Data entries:
------------------------
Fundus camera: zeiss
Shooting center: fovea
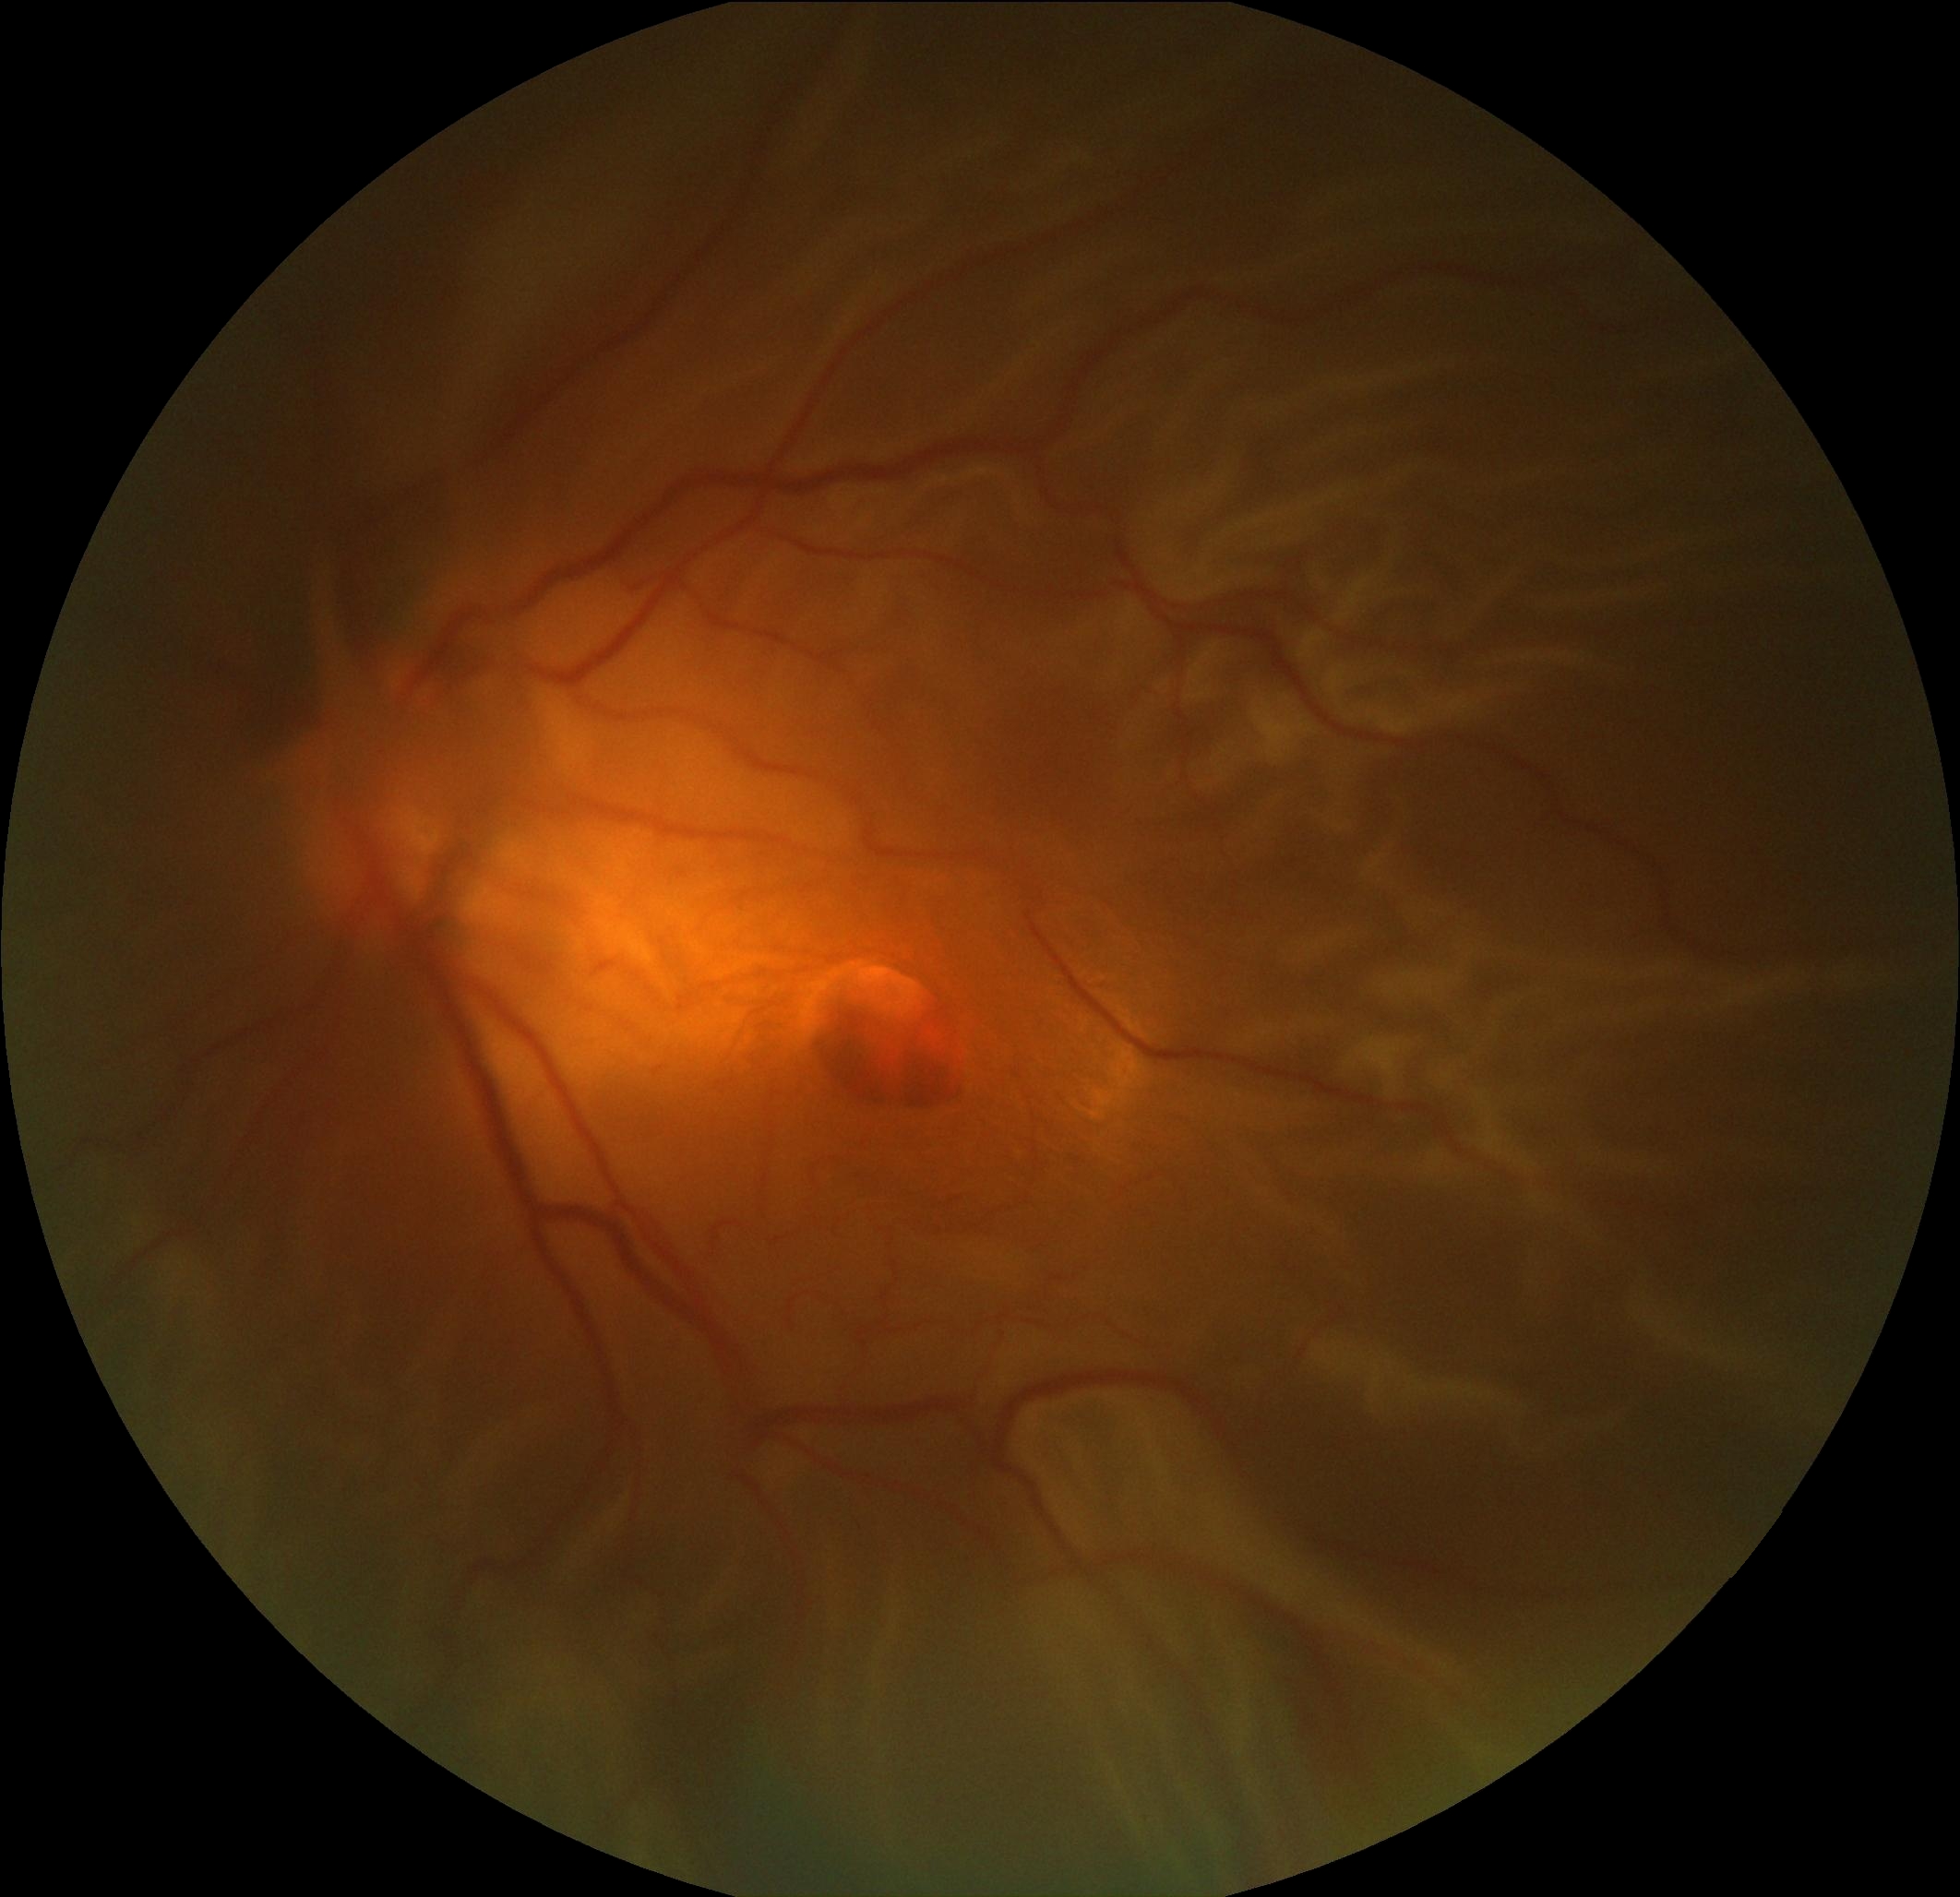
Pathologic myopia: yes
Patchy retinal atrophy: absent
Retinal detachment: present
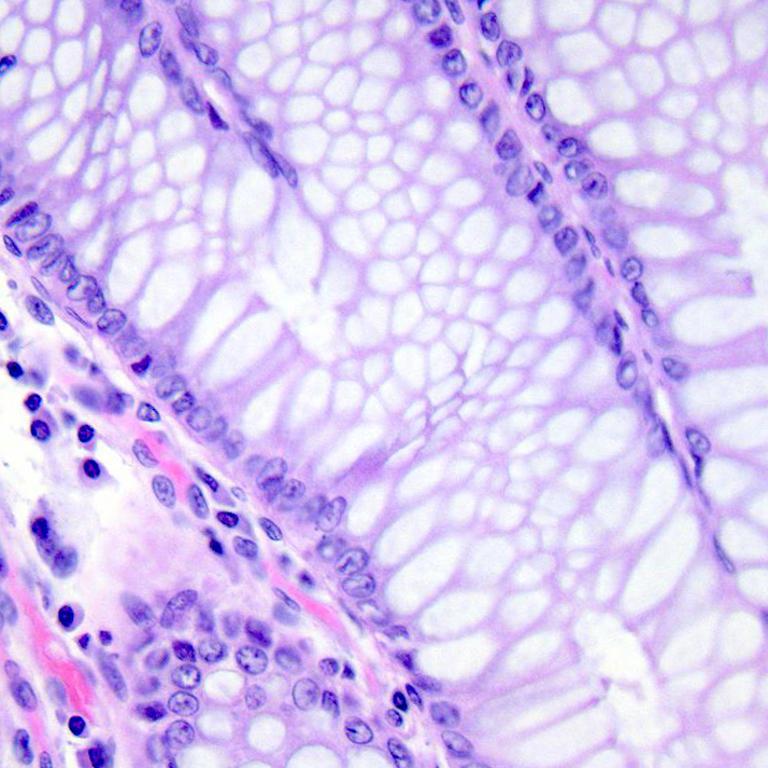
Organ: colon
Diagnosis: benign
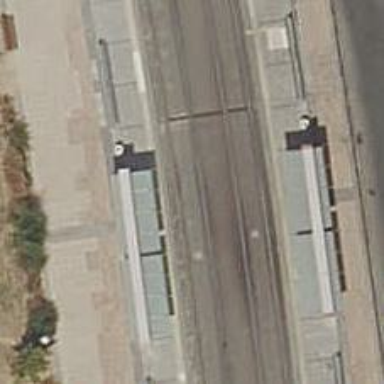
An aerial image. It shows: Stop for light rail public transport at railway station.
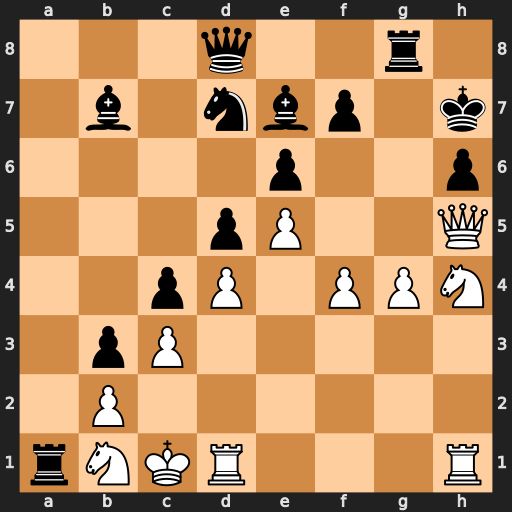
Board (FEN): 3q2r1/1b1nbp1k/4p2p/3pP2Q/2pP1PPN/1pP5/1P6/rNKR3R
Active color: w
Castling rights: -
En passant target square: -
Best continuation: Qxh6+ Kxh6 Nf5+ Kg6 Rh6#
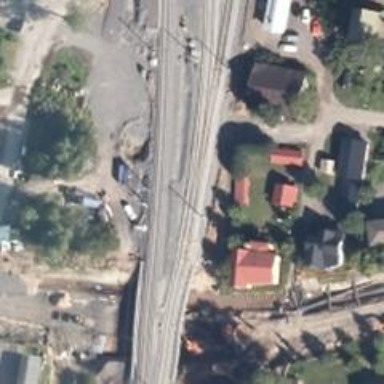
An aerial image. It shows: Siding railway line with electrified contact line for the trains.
------------------------
Task statement: Beginning with the line that contains "Organ: colon" in the data above, please copy each line exactly until the last line, both ends included, skipping any pictures.

Exercise solution:
Organ: colon
Diagnosis: benign
An aerial image. It shows: Stop for light rail public transport at railway station.
Board (FEN): 3q2r1/1b1nbp1k/4p2p/3pP2Q/2pP1PPN/1pP5/1P6/rNKR3R
Active color: w
Castling rights: -
En passant target square: -
Best continuation: Qxh6+ Kxh6 Nf5+ Kg6 Rh6#
An aerial image. It shows: Siding railway line with electrified contact line for the trains.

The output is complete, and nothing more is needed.